I'm sure they'll be fine, they don't learn from their parents like vertebrates do. They operate entirely on instinct.

However sometimes my mantids don't go for hand feeding, so I'll Tie thread to a piece of worm and then dangle it in front of them till they catch it ( I think Patrick Fraser called this "Fishing for mantids"  )


----------



## patrickfraser (Jul 5, 2013)

Whatever works, work it, :lol: As soon as they have something to get, that they _can _get, they will go back to hunting. Where do you live that you don't have access to flies for weeks on end? I raise my own, but there are plenty outside. Just look for some  and grab a net. :lol:


----------



## Trollolloller (Jul 5, 2013)

Hehe. Yeah, just checking. My Chinese right now is trying to catch the cricket I put in it's container. He's tried multiple times to strike at it, but I think it's having issues with it's curved forearm and is having trouble grabbing it. I know mantids can catch prey with one forearm, because I've seen my ghost mantids catch one fruit fly and then grab another with one forearm before they even finish eating the one they've got, haha. But the cricket is pretty big, a full sized adult cricket, and might be too big for him to catch with one arm. Either way, I'm confident that they'll be fine. It's just irritating to hand feed them, the ghost mantids especially, cuz they wont usually grab onto the worm for awhile after they start eating it and I have to hold it there for like, 10-20 minutes before they are done eating or grab onto it. The Chinese mantis though will not only eat it much quicker, but will grab onto it real quick.

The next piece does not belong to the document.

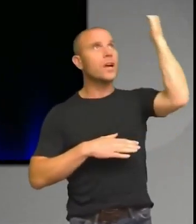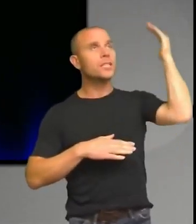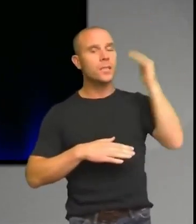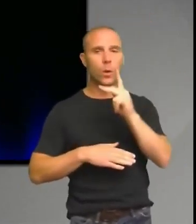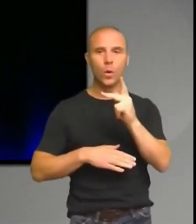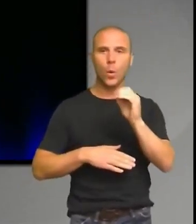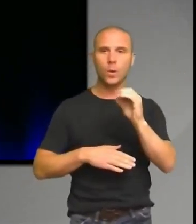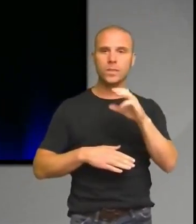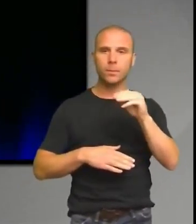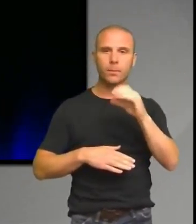hur vår värld fungerar.
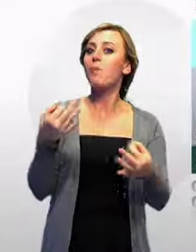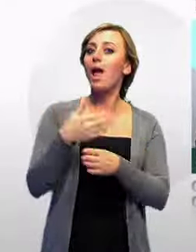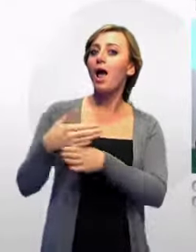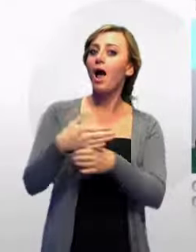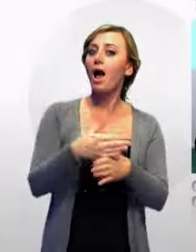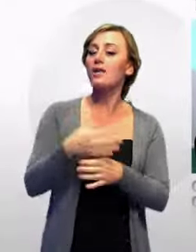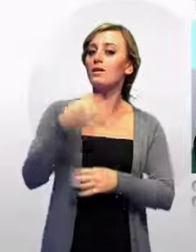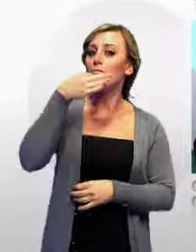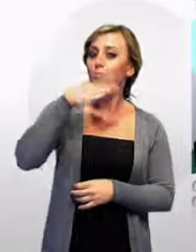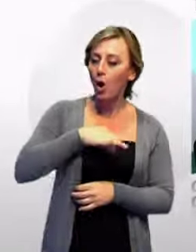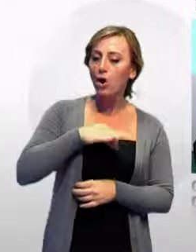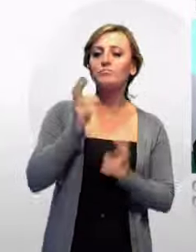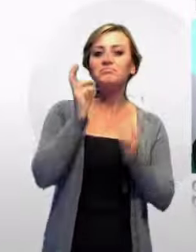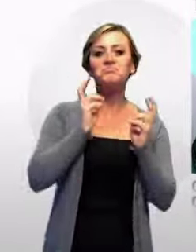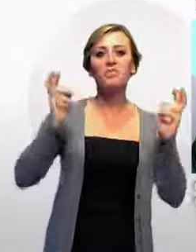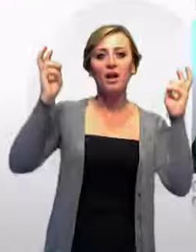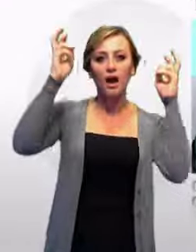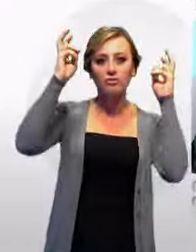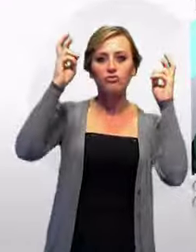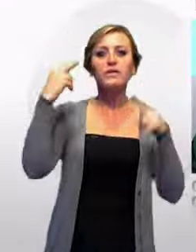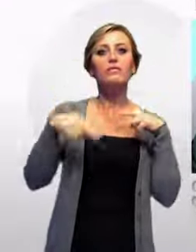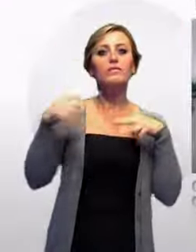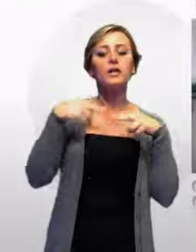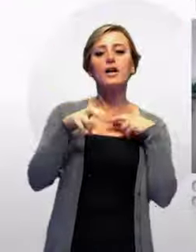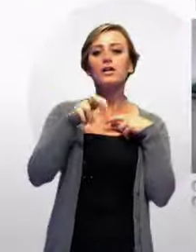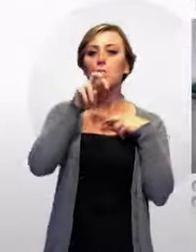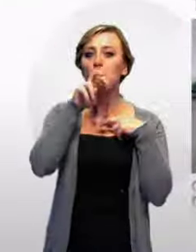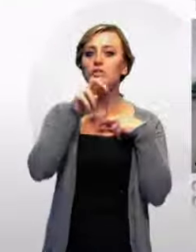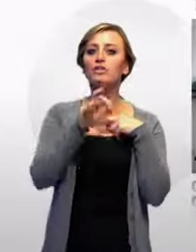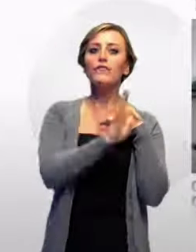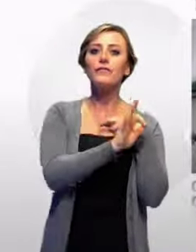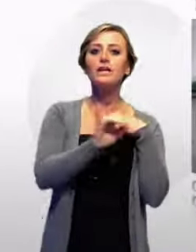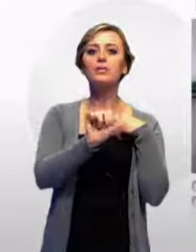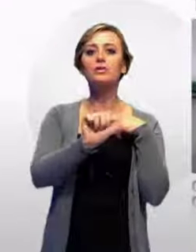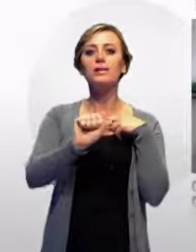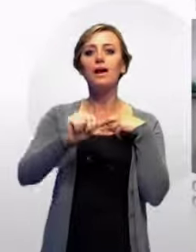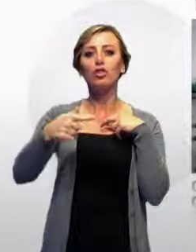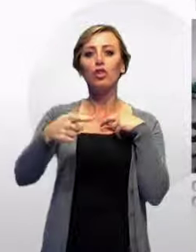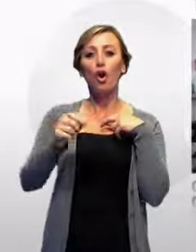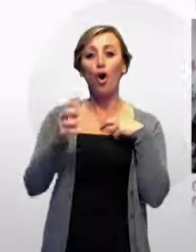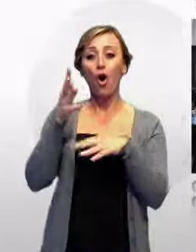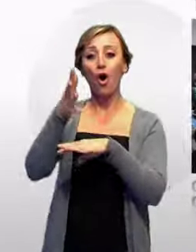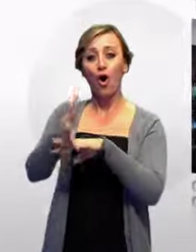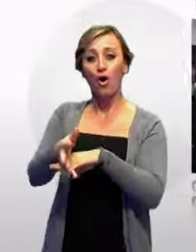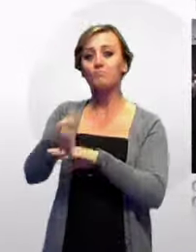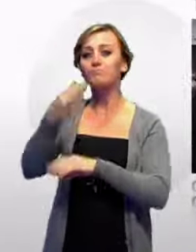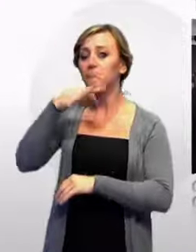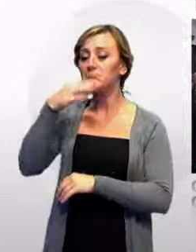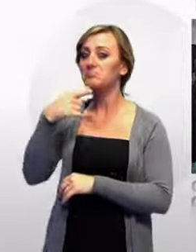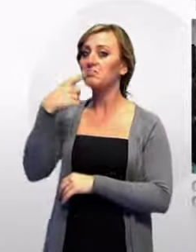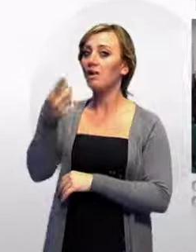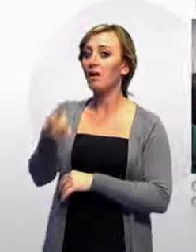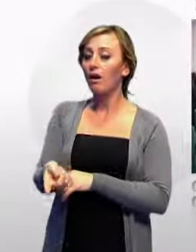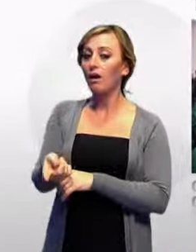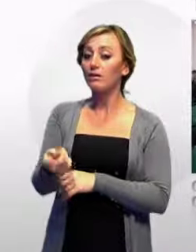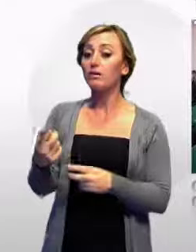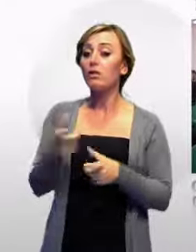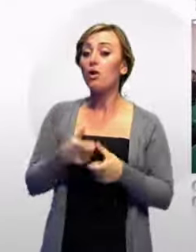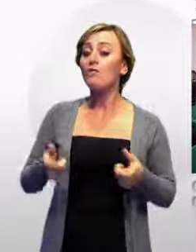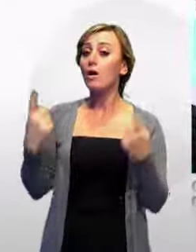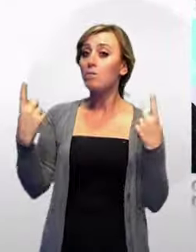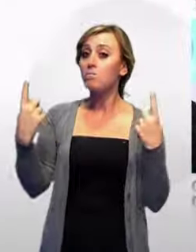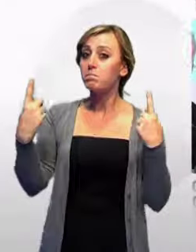l'Arcivescovo di Taranto, Monsignor Filippo Santoro, ha detto che l'evento rappresenta un punto di partenza di una stretta

He's also much bigger than my ghost mantids though.


----------



## OctoberRainne (Jul 5, 2013)

Ofcourse lol,I started a lot of my first mantids completely on being hand fed and even from L4 to adult,the desire to hunt was always there,I think they just act purely out of instinct and hard wired behaviour,if they are hungry or even see food while still having room,they mainly just go after it unless they are ooth heavy or prepping to molt,so I think they will get hungry once you stop and grasp that hey thats a prey item and attack,it may take a few extra days but it will happen


----------



## Trollolloller (Jul 6, 2013)

Yeah, except it seems my mantids eat a lot right before molting and then stop eating for about a day after molting. Don't know why, sounds like they are supposed to stop eating before molting, but mine seem to eat more.


----------



## minomantis (Jul 6, 2013)

Like everyone said before a mantids instinct is VERY strong and hard wired in them. I'll compare mantids that I'm raising inside to mantids that are outside and there is a clear difference. In a sense they get a little lazy with their behavioral instincts. On a small scale I've noticed mantids outside will sway whenever the wind blows, a twig, moves or anything really but I've notice my mantids inside don't do that. They don't need to do that because they are in a container which doesn't feel the breeze. Once I put them on my house plant in front of the window and feeling the breeze. After about 10-15 minutes, I've noticed that they have picked that behavior right up again. It never went away, I guess they just had to locate it again. But mantids will very quickly go back to instinct when necessary!


----------



## fleurdejoo (Jul 6, 2013)

I'm with Patrickfraser. Go outside and find some dog pooh. It's super easy to catch the flies.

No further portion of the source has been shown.